### WHAT YOU ARE ASKED TO DO
Report how many lines of the following entries include the string "path"; respond with the number alone.

Items from a data source
···

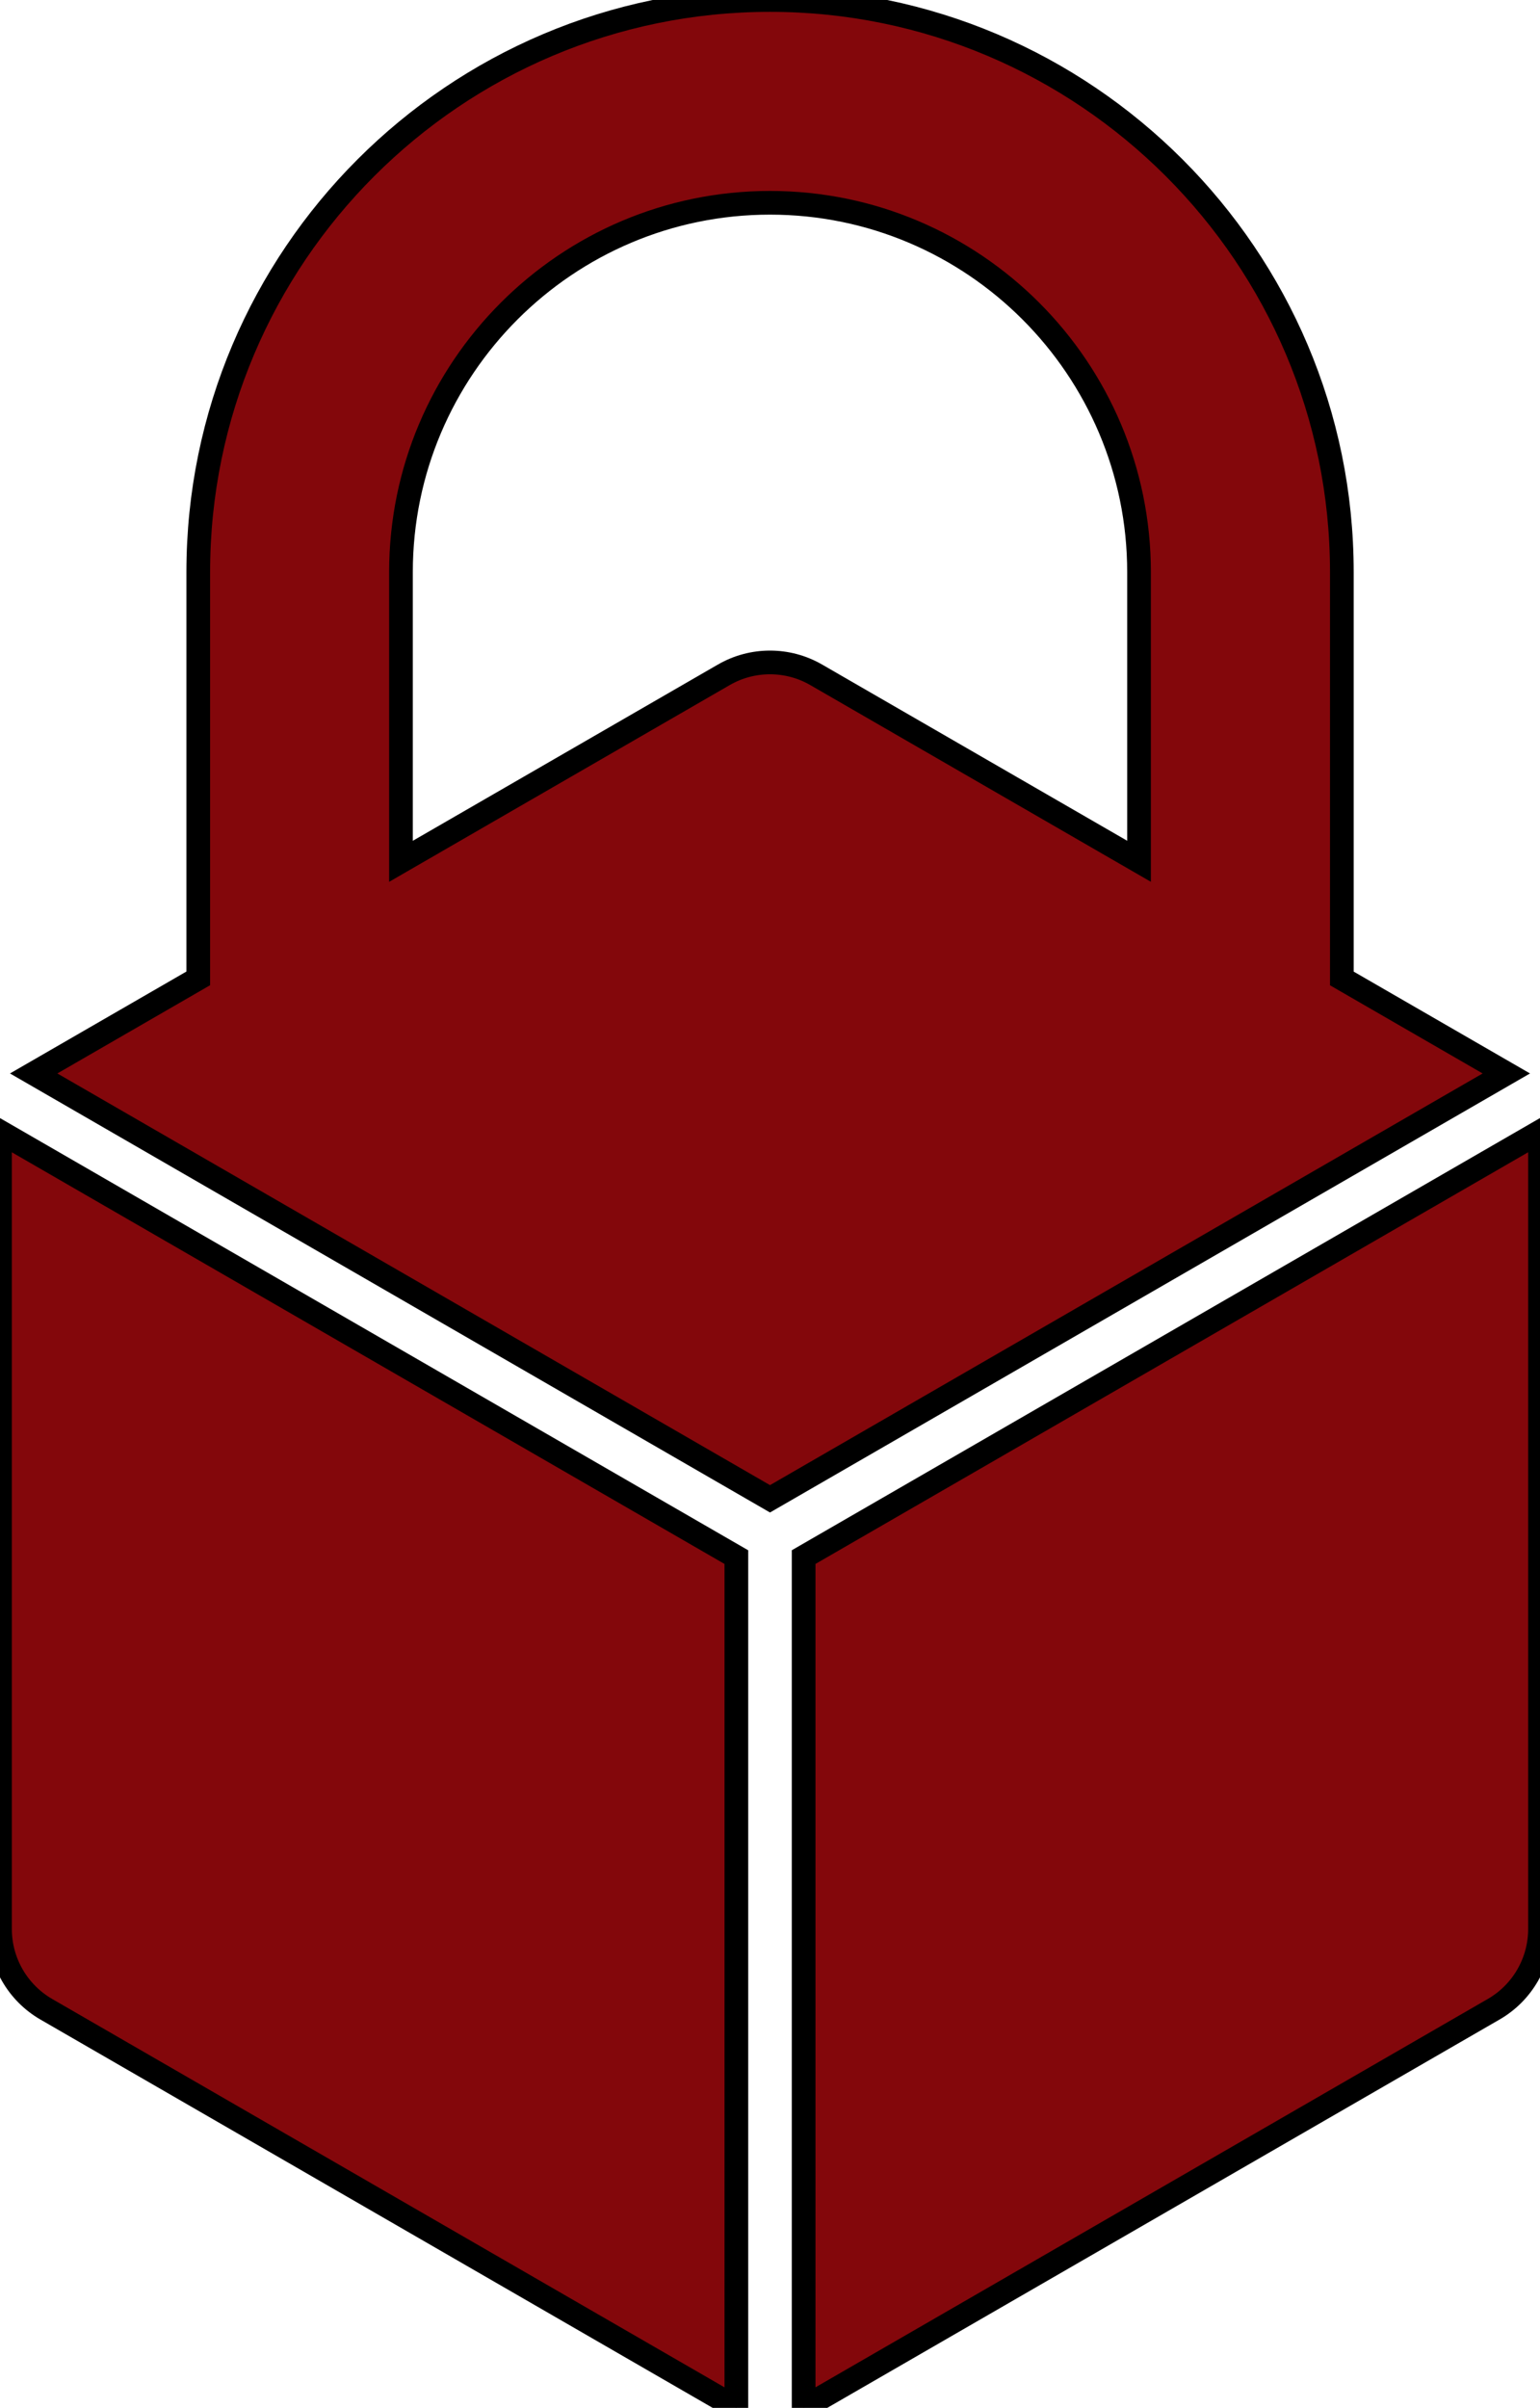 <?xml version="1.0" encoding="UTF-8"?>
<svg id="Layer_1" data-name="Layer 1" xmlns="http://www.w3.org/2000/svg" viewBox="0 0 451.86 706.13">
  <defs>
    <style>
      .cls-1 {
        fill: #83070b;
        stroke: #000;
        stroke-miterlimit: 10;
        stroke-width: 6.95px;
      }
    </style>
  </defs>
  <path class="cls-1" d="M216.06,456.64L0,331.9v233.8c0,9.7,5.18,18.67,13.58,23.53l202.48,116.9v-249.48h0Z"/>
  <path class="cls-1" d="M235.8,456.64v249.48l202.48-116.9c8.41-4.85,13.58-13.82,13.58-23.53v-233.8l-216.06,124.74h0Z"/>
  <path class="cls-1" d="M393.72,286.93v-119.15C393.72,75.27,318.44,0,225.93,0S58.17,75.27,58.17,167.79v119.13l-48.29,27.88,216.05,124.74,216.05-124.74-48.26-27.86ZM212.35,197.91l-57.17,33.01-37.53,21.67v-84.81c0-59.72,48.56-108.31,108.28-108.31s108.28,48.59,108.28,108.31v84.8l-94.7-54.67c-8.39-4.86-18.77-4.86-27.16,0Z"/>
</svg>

···

### RESPONSE TO THIS TASK
3